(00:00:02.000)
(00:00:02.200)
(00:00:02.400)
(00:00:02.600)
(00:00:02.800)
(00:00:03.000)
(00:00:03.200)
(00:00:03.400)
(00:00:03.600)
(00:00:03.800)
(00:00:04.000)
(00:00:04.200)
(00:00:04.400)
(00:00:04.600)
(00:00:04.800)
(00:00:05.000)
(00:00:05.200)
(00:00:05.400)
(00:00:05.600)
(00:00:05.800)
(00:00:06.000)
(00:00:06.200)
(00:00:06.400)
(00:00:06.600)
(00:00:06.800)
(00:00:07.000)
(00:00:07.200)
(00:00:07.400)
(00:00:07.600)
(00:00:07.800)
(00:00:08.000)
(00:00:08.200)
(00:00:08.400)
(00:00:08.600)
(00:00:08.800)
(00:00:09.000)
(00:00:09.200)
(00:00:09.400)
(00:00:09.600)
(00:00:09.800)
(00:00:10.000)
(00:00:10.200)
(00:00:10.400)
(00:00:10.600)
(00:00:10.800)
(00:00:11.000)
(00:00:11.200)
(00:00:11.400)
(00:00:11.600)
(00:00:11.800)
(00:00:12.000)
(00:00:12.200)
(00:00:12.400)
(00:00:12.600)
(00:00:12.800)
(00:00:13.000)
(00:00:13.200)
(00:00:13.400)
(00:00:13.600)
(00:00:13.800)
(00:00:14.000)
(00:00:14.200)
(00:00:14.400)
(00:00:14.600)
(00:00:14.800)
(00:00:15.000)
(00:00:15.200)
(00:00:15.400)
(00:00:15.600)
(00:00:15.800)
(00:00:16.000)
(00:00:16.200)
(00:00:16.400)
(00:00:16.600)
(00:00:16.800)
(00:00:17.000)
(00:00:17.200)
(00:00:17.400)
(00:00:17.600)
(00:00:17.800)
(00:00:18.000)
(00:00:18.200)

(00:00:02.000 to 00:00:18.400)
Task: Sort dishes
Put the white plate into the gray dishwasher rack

────

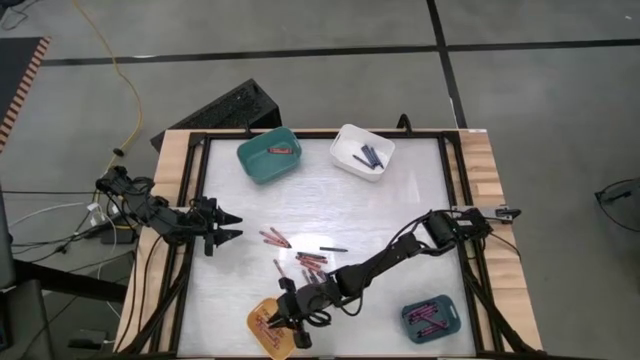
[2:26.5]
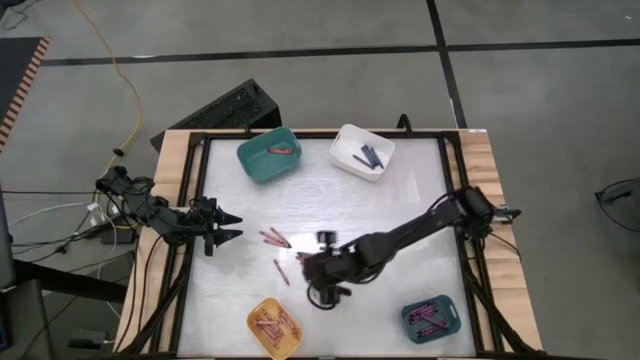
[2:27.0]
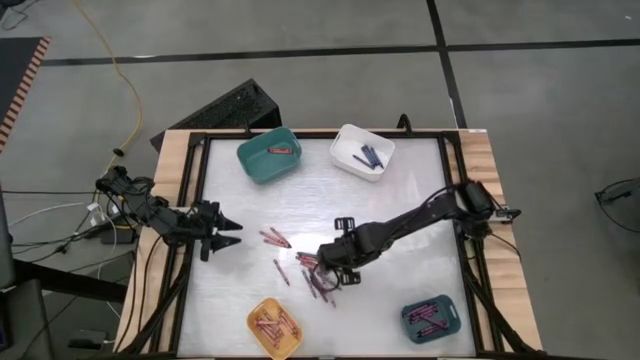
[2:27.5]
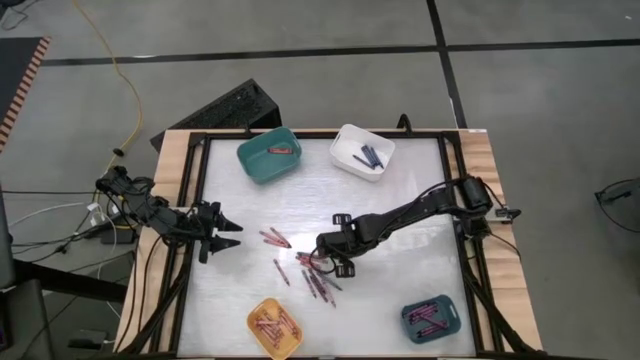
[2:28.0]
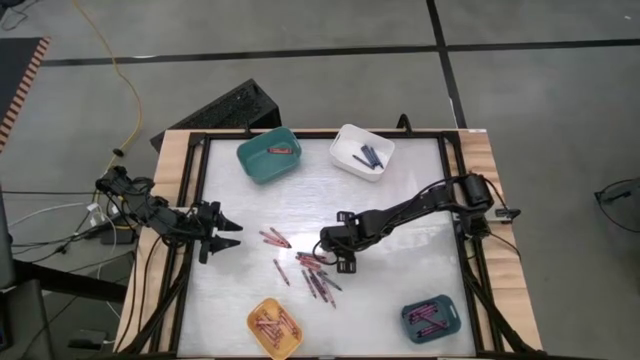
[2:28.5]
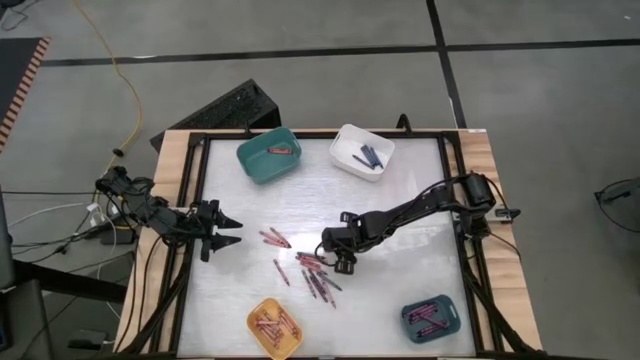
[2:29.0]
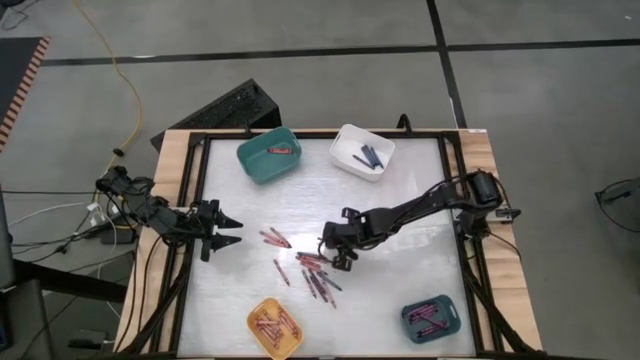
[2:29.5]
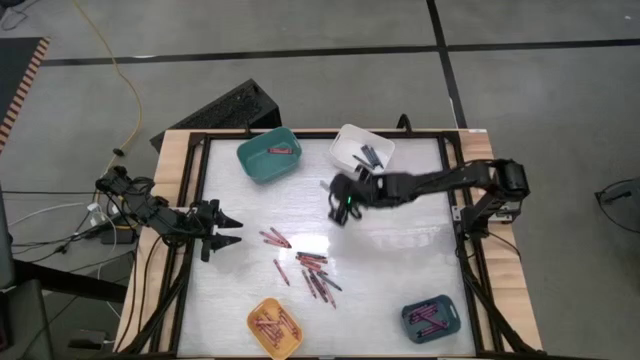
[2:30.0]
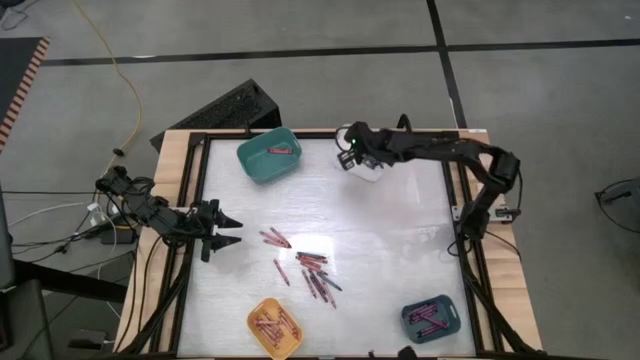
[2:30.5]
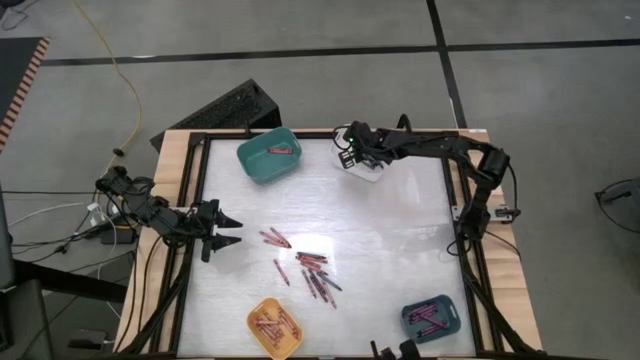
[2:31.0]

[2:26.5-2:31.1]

────

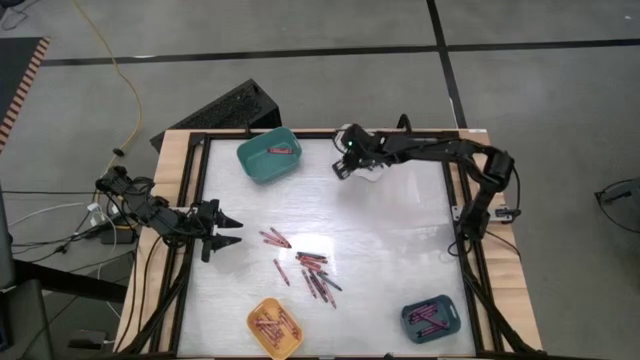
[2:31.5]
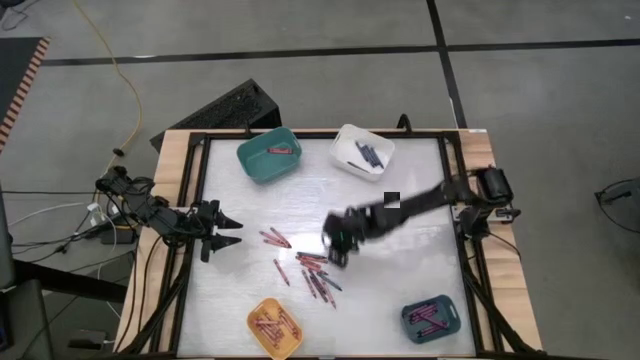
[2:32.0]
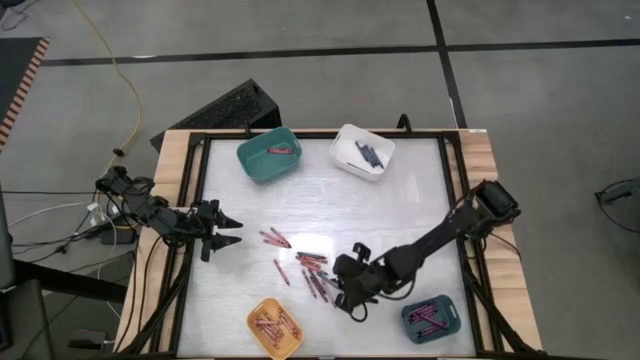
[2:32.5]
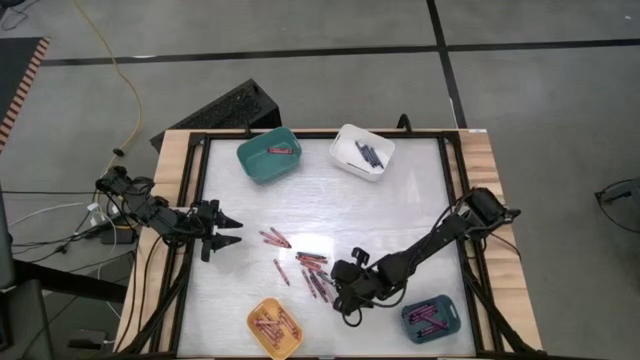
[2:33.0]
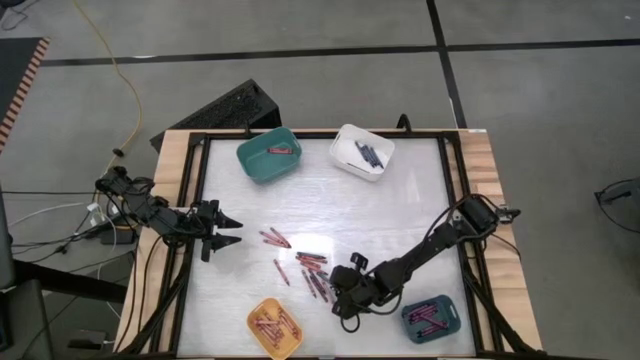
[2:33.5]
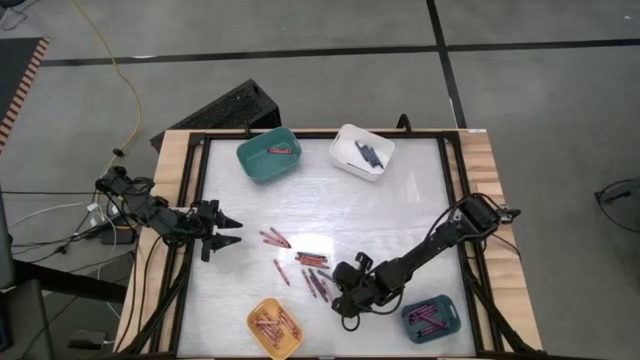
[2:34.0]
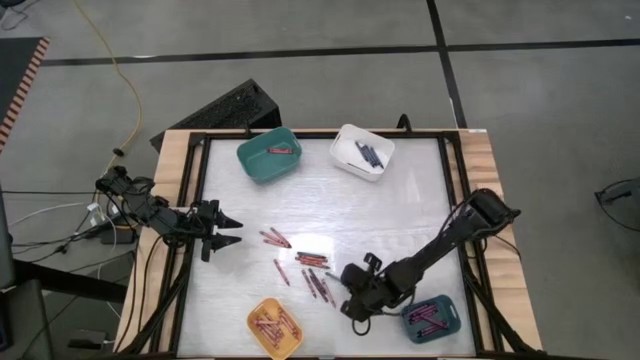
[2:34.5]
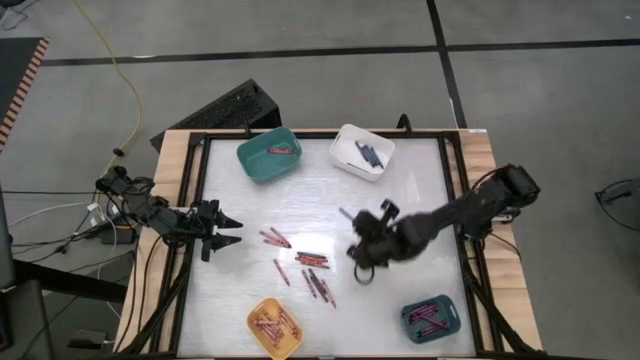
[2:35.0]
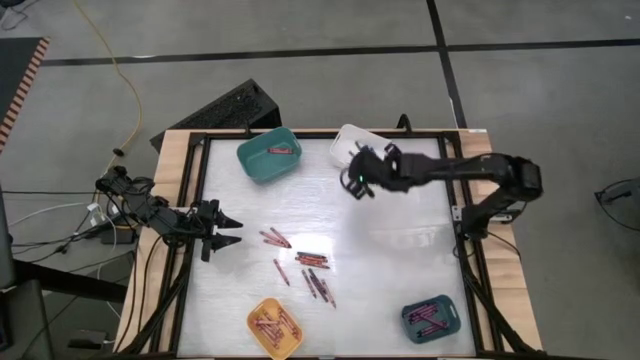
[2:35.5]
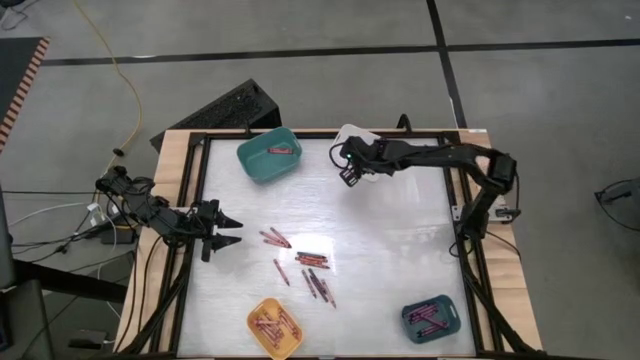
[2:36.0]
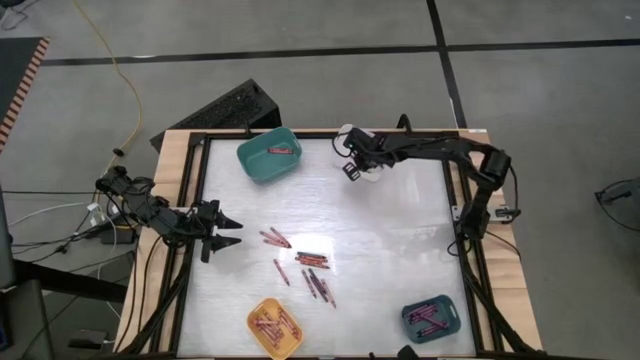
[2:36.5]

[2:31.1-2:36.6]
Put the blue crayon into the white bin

────

TASK GOAL: With the line that has "(00:00:14.600)" as the first and the line that has "(00:00:17.800)" as the last, repeat exactly that run of lines above and no more.

ANSWER TO THE EXERCISE:
(00:00:14.600)
(00:00:14.800)
(00:00:15.000)
(00:00:15.200)
(00:00:15.400)
(00:00:15.600)
(00:00:15.800)
(00:00:16.000)
(00:00:16.200)
(00:00:16.400)
(00:00:16.600)
(00:00:16.800)
(00:00:17.000)
(00:00:17.200)
(00:00:17.400)
(00:00:17.600)
(00:00:17.800)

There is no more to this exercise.